Solve by factoring
a^2 -121 = 0
(a+11)(a-11) = 0
a = -11
a = +11
To solve the equation a^2 - 121 = 0 by factoring, we first need to recognize that it is a difference of squares.
The equation can be rewritten as (a - 11)(a + 11) = 0.
Now we set each factor equal to zero:
a - 11 = 0 or a + 11 = 0.
Solving these equations, we find that a = 11 or a = -11.
Therefore, the solutions to the equation a^2 - 121 = 0 are a = 11 or a = -11.
To solve the equation a^2 - 121 = 0 by factoring, we need to rewrite the equation in the form (a - b)(a + b) = 0, where a and b are some expressions.
First, we can rewrite 121 as 11^2 since 11 multiplied by itself gives 121.
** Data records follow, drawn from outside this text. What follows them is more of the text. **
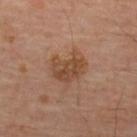Part of a total-body skin-imaging series; this lesion was reviewed on a skin check and was not flagged for biopsy.
A lesion tile, about 15 mm wide, cut from a 3D total-body photograph.
Automated tile analysis of the lesion measured an area of roughly 11 mm², an outline eccentricity of about 0.5 (0 = round, 1 = elongated), and a shape-asymmetry score of about 0.35 (0 = symmetric). The analysis additionally found a lesion color around L≈44 a*≈19 b*≈30 in CIELAB and about 8 CIELAB-L* units darker than the surrounding skin. The analysis additionally found a classifier nevus-likeness of about 15/100 and lesion-presence confidence of about 100/100.
Captured under cross-polarized illumination.
The lesion is on the back.
A male patient roughly 65 years of age.
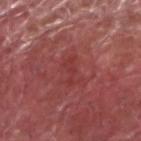Captured during whole-body skin photography for melanoma surveillance; the lesion was not biopsied. The subject is a male aged around 40. This is a white-light tile. A 15 mm close-up tile from a total-body photography series done for melanoma screening. The lesion is on the left forearm.
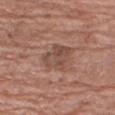<tbp_lesion>
  <site>right upper arm</site>
  <lighting>white-light</lighting>
  <lesion_size>
    <long_diameter_mm_approx>4.0</long_diameter_mm_approx>
  </lesion_size>
  <patient>
    <sex>male</sex>
    <age_approx>75</age_approx>
  </patient>
  <image>
    <source>total-body photography crop</source>
    <field_of_view_mm>15</field_of_view_mm>
  </image>
</tbp_lesion>
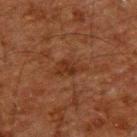Clinical impression:
Part of a total-body skin-imaging series; this lesion was reviewed on a skin check and was not flagged for biopsy.
Background:
A roughly 15 mm field-of-view crop from a total-body skin photograph. Located on the upper back. This is a cross-polarized tile. Approximately 3.5 mm at its widest. A male subject about 60 years old. The lesion-visualizer software estimated an outline eccentricity of about 0.8 (0 = round, 1 = elongated) and a symmetry-axis asymmetry near 0.35. And it measured lesion-presence confidence of about 100/100.
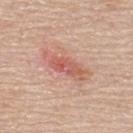Captured during whole-body skin photography for melanoma surveillance; the lesion was not biopsied. The patient is a male aged approximately 70. On the back. A roughly 15 mm field-of-view crop from a total-body skin photograph.
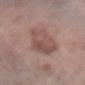workup: total-body-photography surveillance lesion; no biopsy | patient: female, roughly 70 years of age | image source: ~15 mm crop, total-body skin-cancer survey | location: the arm.
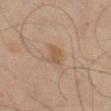This lesion was catalogued during total-body skin photography and was not selected for biopsy.
Longest diameter approximately 2.5 mm.
The subject is a male roughly 65 years of age.
The lesion is located on the left thigh.
A region of skin cropped from a whole-body photographic capture, roughly 15 mm wide.
This is a cross-polarized tile.
Automated tile analysis of the lesion measured a lesion area of about 4 mm² and an eccentricity of roughly 0.7.
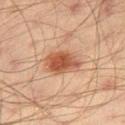biopsy status: no biopsy performed (imaged during a skin exam)
image source: total-body-photography crop, ~15 mm field of view
anatomic site: the right thigh
diameter: ~4.5 mm (longest diameter)
subject: male, aged 43 to 47
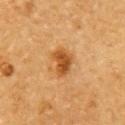Clinical impression: Part of a total-body skin-imaging series; this lesion was reviewed on a skin check and was not flagged for biopsy. Acquisition and patient details: A 15 mm close-up tile from a total-body photography series done for melanoma screening. The lesion is on the arm. The patient is a male in their mid-80s or older. Imaged with cross-polarized lighting. Measured at roughly 3.5 mm in maximum diameter.
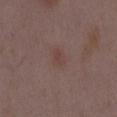Q: Is there a histopathology result?
A: total-body-photography surveillance lesion; no biopsy
Q: Lesion size?
A: ~2.5 mm (longest diameter)
Q: Patient demographics?
A: female, about 35 years old
Q: How was the tile lit?
A: white-light
Q: Lesion location?
A: the back
Q: How was this image acquired?
A: total-body-photography crop, ~15 mm field of view
Q: Automated lesion metrics?
A: a shape eccentricity near 0.75 and two-axis asymmetry of about 0.25
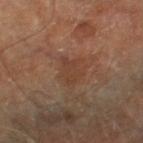This lesion was catalogued during total-body skin photography and was not selected for biopsy. Imaged with cross-polarized lighting. A lesion tile, about 15 mm wide, cut from a 3D total-body photograph. Longest diameter approximately 3.5 mm. The patient is a male aged around 70. Automated image analysis of the tile measured a lesion color around L≈39 a*≈19 b*≈28 in CIELAB and a normalized border contrast of about 5. The software also gave an automated nevus-likeness rating near 0 out of 100 and a detector confidence of about 100 out of 100 that the crop contains a lesion. Located on the right thigh.
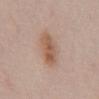Recorded during total-body skin imaging; not selected for excision or biopsy. From the mid back. A 15 mm close-up extracted from a 3D total-body photography capture. A male subject, about 55 years old. Imaged with white-light lighting. An algorithmic analysis of the crop reported a lesion area of about 11 mm² and an eccentricity of roughly 0.9. Measured at roughly 5.5 mm in maximum diameter.
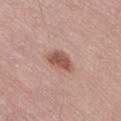| key | value |
|---|---|
| notes | catalogued during a skin exam; not biopsied |
| illumination | white-light |
| imaging modality | ~15 mm crop, total-body skin-cancer survey |
| site | the lower back |
| patient | male, aged 68 to 72 |
| image-analysis metrics | a shape eccentricity near 0.8 and a symmetry-axis asymmetry near 0.25; an average lesion color of about L≈53 a*≈22 b*≈27 (CIELAB), roughly 12 lightness units darker than nearby skin, and a normalized border contrast of about 8.5; an automated nevus-likeness rating near 90 out of 100 and a lesion-detection confidence of about 100/100 |
| lesion size | about 3.5 mm |
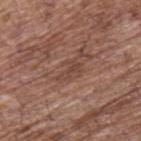{"image": {"source": "total-body photography crop", "field_of_view_mm": 15}, "lighting": "white-light", "lesion_size": {"long_diameter_mm_approx": 3.5}, "patient": {"sex": "male", "age_approx": 70}, "site": "upper back"}
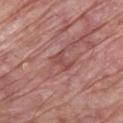Acquisition and patient details: This image is a 15 mm lesion crop taken from a total-body photograph. A male subject, aged 63–67. The lesion is on the chest. Captured under white-light illumination.
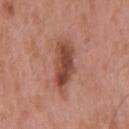<case>
<biopsy_status>not biopsied; imaged during a skin examination</biopsy_status>
<image>
  <source>total-body photography crop</source>
  <field_of_view_mm>15</field_of_view_mm>
</image>
<patient>
  <sex>male</sex>
  <age_approx>55</age_approx>
</patient>
<lesion_size>
  <long_diameter_mm_approx>6.0</long_diameter_mm_approx>
</lesion_size>
<automated_metrics>
  <border_irregularity_0_10>3.0</border_irregularity_0_10>
  <color_variation_0_10>5.0</color_variation_0_10>
  <lesion_detection_confidence_0_100>100</lesion_detection_confidence_0_100>
</automated_metrics>
<lighting>white-light</lighting>
<site>mid back</site>
</case>
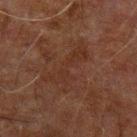Q: How was this image acquired?
A: ~15 mm tile from a whole-body skin photo
Q: What are the patient's age and sex?
A: male, in their 60s
Q: Lesion size?
A: ≈6 mm
Q: What is the anatomic site?
A: the left upper arm
Q: How was the tile lit?
A: cross-polarized illumination
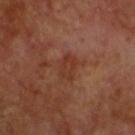Imaged with cross-polarized lighting.
From the head or neck.
Automated tile analysis of the lesion measured a footprint of about 5.5 mm². And it measured about 6 CIELAB-L* units darker than the surrounding skin and a normalized border contrast of about 5.5.
A male subject, about 60 years old.
A 15 mm crop from a total-body photograph taken for skin-cancer surveillance.
The lesion's longest dimension is about 3.5 mm.
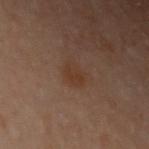The lesion was tiled from a total-body skin photograph and was not biopsied.
A region of skin cropped from a whole-body photographic capture, roughly 15 mm wide.
A female patient, approximately 60 years of age.
Captured under cross-polarized illumination.
From the right arm.
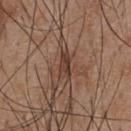| key | value |
|---|---|
| biopsy status | imaged on a skin check; not biopsied |
| image | total-body-photography crop, ~15 mm field of view |
| body site | the front of the torso |
| subject | male, aged 53–57 |
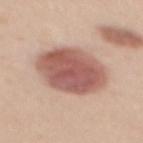Q: Was a biopsy performed?
A: total-body-photography surveillance lesion; no biopsy
Q: Who is the patient?
A: female, aged around 45
Q: Illumination type?
A: white-light
Q: Lesion location?
A: the mid back
Q: What is the imaging modality?
A: ~15 mm crop, total-body skin-cancer survey
Q: What is the lesion's diameter?
A: ~6.5 mm (longest diameter)
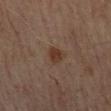Impression: Imaged during a routine full-body skin examination; the lesion was not biopsied and no histopathology is available. Acquisition and patient details: This is a cross-polarized tile. The lesion is on the chest. About 3 mm across. Cropped from a whole-body photographic skin survey; the tile spans about 15 mm. A male patient, aged around 70.
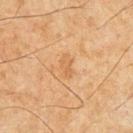follow-up=total-body-photography surveillance lesion; no biopsy
subject=male, about 65 years old
imaging modality=total-body-photography crop, ~15 mm field of view
TBP lesion metrics=a classifier nevus-likeness of about 0/100 and a detector confidence of about 100 out of 100 that the crop contains a lesion
body site=the chest
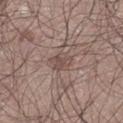{
  "lighting": "white-light",
  "image": {
    "source": "total-body photography crop",
    "field_of_view_mm": 15
  },
  "site": "leg",
  "patient": {
    "sex": "male",
    "age_approx": 65
  }
}
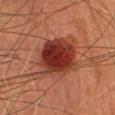{
  "biopsy_status": "not biopsied; imaged during a skin examination",
  "lighting": "cross-polarized",
  "patient": {
    "sex": "female",
    "age_approx": 60
  },
  "site": "head or neck",
  "image": {
    "source": "total-body photography crop",
    "field_of_view_mm": 15
  }
}
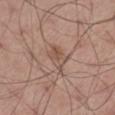Recorded during total-body skin imaging; not selected for excision or biopsy. Longest diameter approximately 3 mm. This image is a 15 mm lesion crop taken from a total-body photograph. On the leg. Captured under white-light illumination. Automated image analysis of the tile measured a footprint of about 6 mm², an eccentricity of roughly 0.7, and a symmetry-axis asymmetry near 0.2. And it measured a lesion-to-skin contrast of about 5.5 (normalized; higher = more distinct). The software also gave border irregularity of about 2 on a 0–10 scale, a color-variation rating of about 4/10, and radial color variation of about 1.5. The subject is a male aged approximately 55.
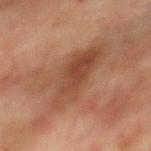Longest diameter approximately 7.5 mm.
A male patient, aged 73–77.
Captured under cross-polarized illumination.
The lesion-visualizer software estimated a lesion area of about 20 mm², an eccentricity of roughly 0.85, and two-axis asymmetry of about 0.35. The analysis additionally found a border-irregularity rating of about 5/10 and a within-lesion color-variation index near 4.5/10. And it measured a nevus-likeness score of about 0/100.
Cropped from a whole-body photographic skin survey; the tile spans about 15 mm.
Located on the mid back.
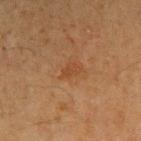Case summary:
– biopsy status · no biopsy performed (imaged during a skin exam)
– lesion size · about 2.5 mm
– illumination · cross-polarized
– image · ~15 mm tile from a whole-body skin photo
– automated lesion analysis · an average lesion color of about L≈40 a*≈21 b*≈33 (CIELAB) and a lesion–skin lightness drop of about 5
– subject · male, roughly 55 years of age
– body site · the left arm
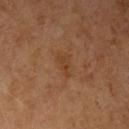The lesion was tiled from a total-body skin photograph and was not biopsied. A 15 mm close-up tile from a total-body photography series done for melanoma screening. The subject is a female in their 60s. On the left upper arm. Measured at roughly 3 mm in maximum diameter. Automated image analysis of the tile measured a footprint of about 4 mm², a shape eccentricity near 0.8, and a symmetry-axis asymmetry near 0.4. It also reported a mean CIELAB color near L≈35 a*≈19 b*≈30, roughly 5 lightness units darker than nearby skin, and a normalized border contrast of about 5.5. And it measured internal color variation of about 1 on a 0–10 scale and a peripheral color-asymmetry measure near 0.5. This is a cross-polarized tile.

So, we have a^2 - 11^2 = 0.
Next, we can recognize that this equation follows the difference of squares pattern, which states that a^2 - b^2 can be factored as (a - b)(a + b).
In this case, a^2 - 11^2 can be factored as (a - 11)(a + 11) = 0.
Now, we set each factor equal to zero and solve for a:
a - 11 = 0
a = 11
a + 11 = 0
a = -11
Therefore, the solutions to the equation a^2 - 121 = 0 are a = 11 and a = -11.